Two of the shots went wide again, but the third punched into my right shoulder, spinning me around. Still, thanks to my magic, it didn’t blast through me the way it otherwise would have. I skidded on the ice coating the street, but I managed to regain my balance and charge forward again.

Instead of heading toward the giants, I ran straight at the SUV. When I was in range, I leaped up onto the bumper, then the hood, then scrambled up onto the roof. Before the giants realized what I was doing, I raced forward and leaped off the vehicle’s roof, pushing off hard and trying to get as high in the air as possible. Lucky for me, they’d parked close to the curb and the narrow sidewalk. A second later, my hands hit the top of the wall that fronted the mansion, and I dug my boots into the slick stones so that I could pull myself up onto the ledge. Fedora wasn’t the only one who could do gymnastics.

I rolled off the top of the wall and dropped ten feet down to the other side, landing in a crouch. I palmed one of the silverstone knives tucked up my sleeves, surged to my feet, and darted forward across the lawn. The ice-crusted grass crunched like brittle bones under my boots.

The light spilling out from the office perfectly illuminated Fedora, who was fifty feet ahead of me and moving fast, her breath streaming out behind her in a trail of frosty vapor. She must have heard the disturbance out on the street because she picked up her pace, pulled a gun out of her trench coat, and shot through the lock on the patio doors with one smooth motion. A second later, she was inside the mansion.

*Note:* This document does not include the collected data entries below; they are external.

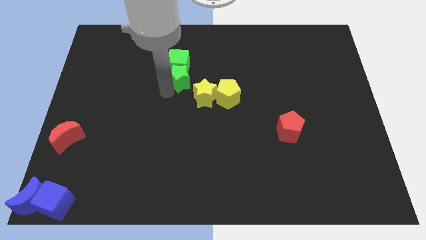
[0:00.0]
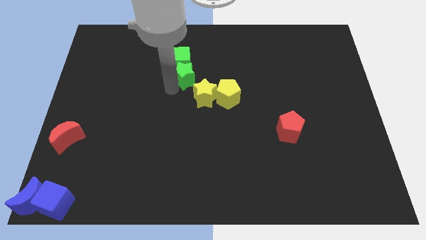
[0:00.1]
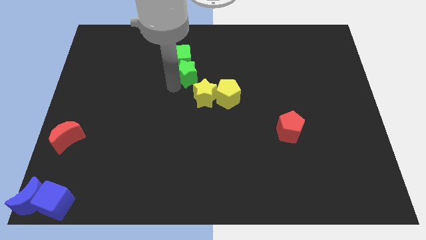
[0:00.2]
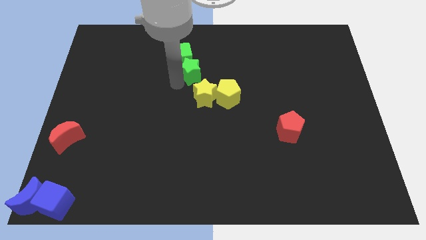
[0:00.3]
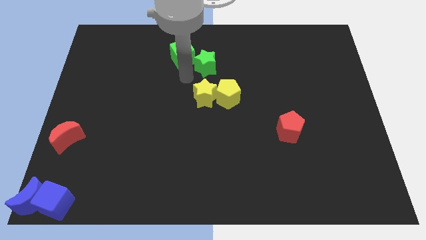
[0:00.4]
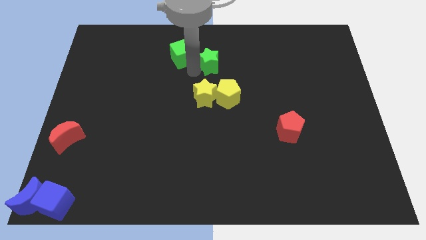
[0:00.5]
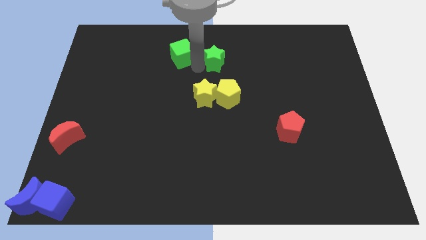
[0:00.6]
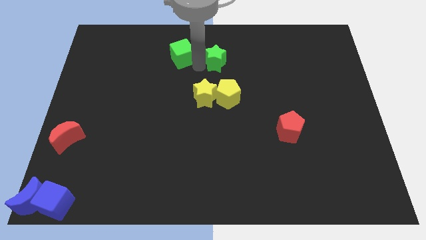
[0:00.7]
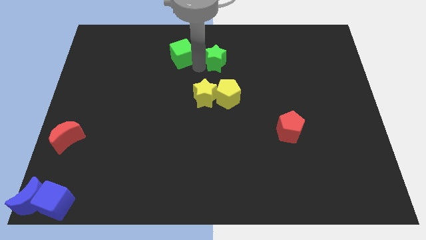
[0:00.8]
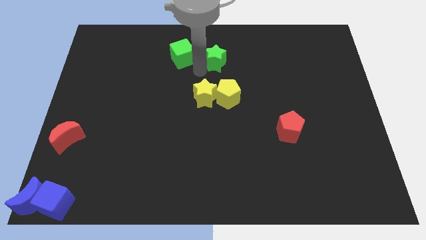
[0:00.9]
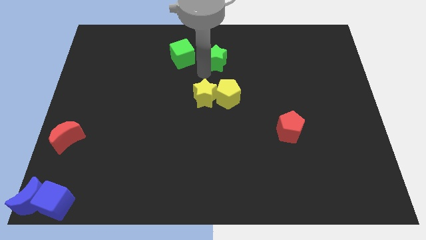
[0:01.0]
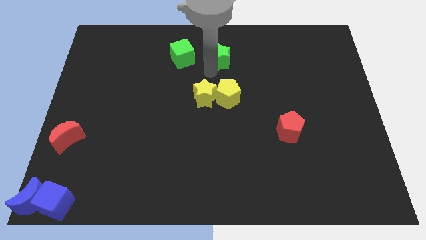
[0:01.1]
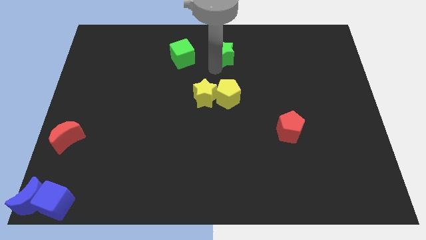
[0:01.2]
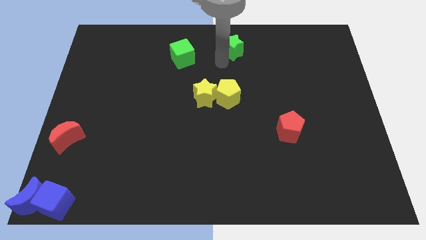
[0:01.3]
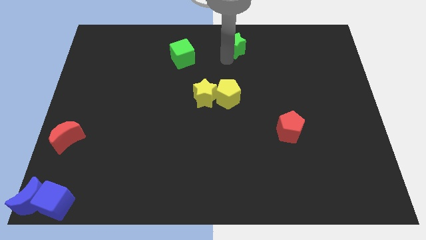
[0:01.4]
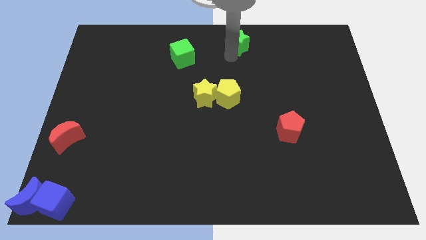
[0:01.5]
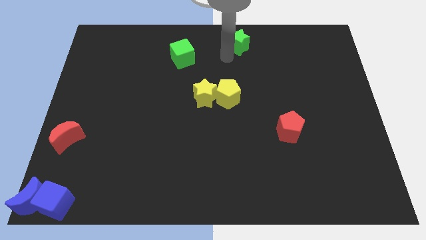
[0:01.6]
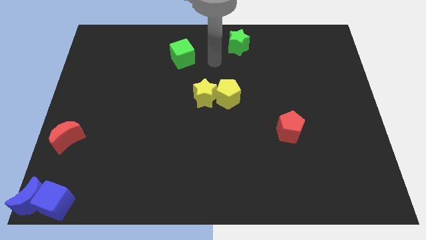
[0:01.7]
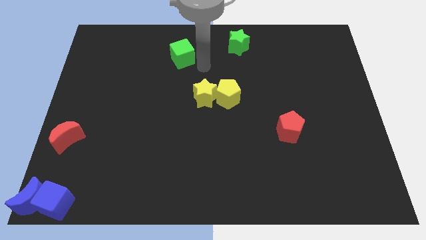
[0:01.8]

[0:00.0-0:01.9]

I focused all my energy on sprinting across the lawn, trying to get to the mansion, even though it was already too late.

Pfft! Pfft! Pfft!

Sure enough, gunfire flashed inside the office, as bright as the holiday lights had been earlier. Someone had just been shot.

A second later, Fedora stepped through the doors and out onto the stone patio. I squinted, but the office lights were behind her, and all I could see in the darkness was the pale glitter of her eyes above the black scarf wrapped around her face. She gave me a mocking salute with her gun before ducking back inside the mansion. Now that her mission was accomplished, no doubt she’d leave through one of the back doors and disappear into the woods. All without my even getting a good look at her face.

I cursed. Even though I wanted to rush inside the mansion, I forced myself to slow down and approach the patio doors with caution, just in case she might be lying in wait to try to kill me too. I also grabbed hold of even more of my Stone power, hardening my skin as much as possible, on the off chance that she decided to blast me with bullets and elemental magic. As a final precaution, I reached out with my power, listening to all the emotional vibrations that had sunk into the stone walls of the mansion.

Harsh, shocked mutters echoed back to me, from the shots the woman had just fired. Alongside that was a high, whiny chorus of worry, fear, and paranoia. But there were no sly whispers or dark murmurs of evil intent that would have signaled that she was hiding in the office, ready to put a bullet in my head the second I stepped inside. Whoever the woman was, she was long gone.

Still, I was careful as I eased into the office, my knife still in my hand, my other hand up and lightly glowing with my Ice magic, ready to blast whoever might attack me.

But only one person was in the office: the man I’d been watching.

Jonah McAllister, my old nemesis, lay sprawled across the floor.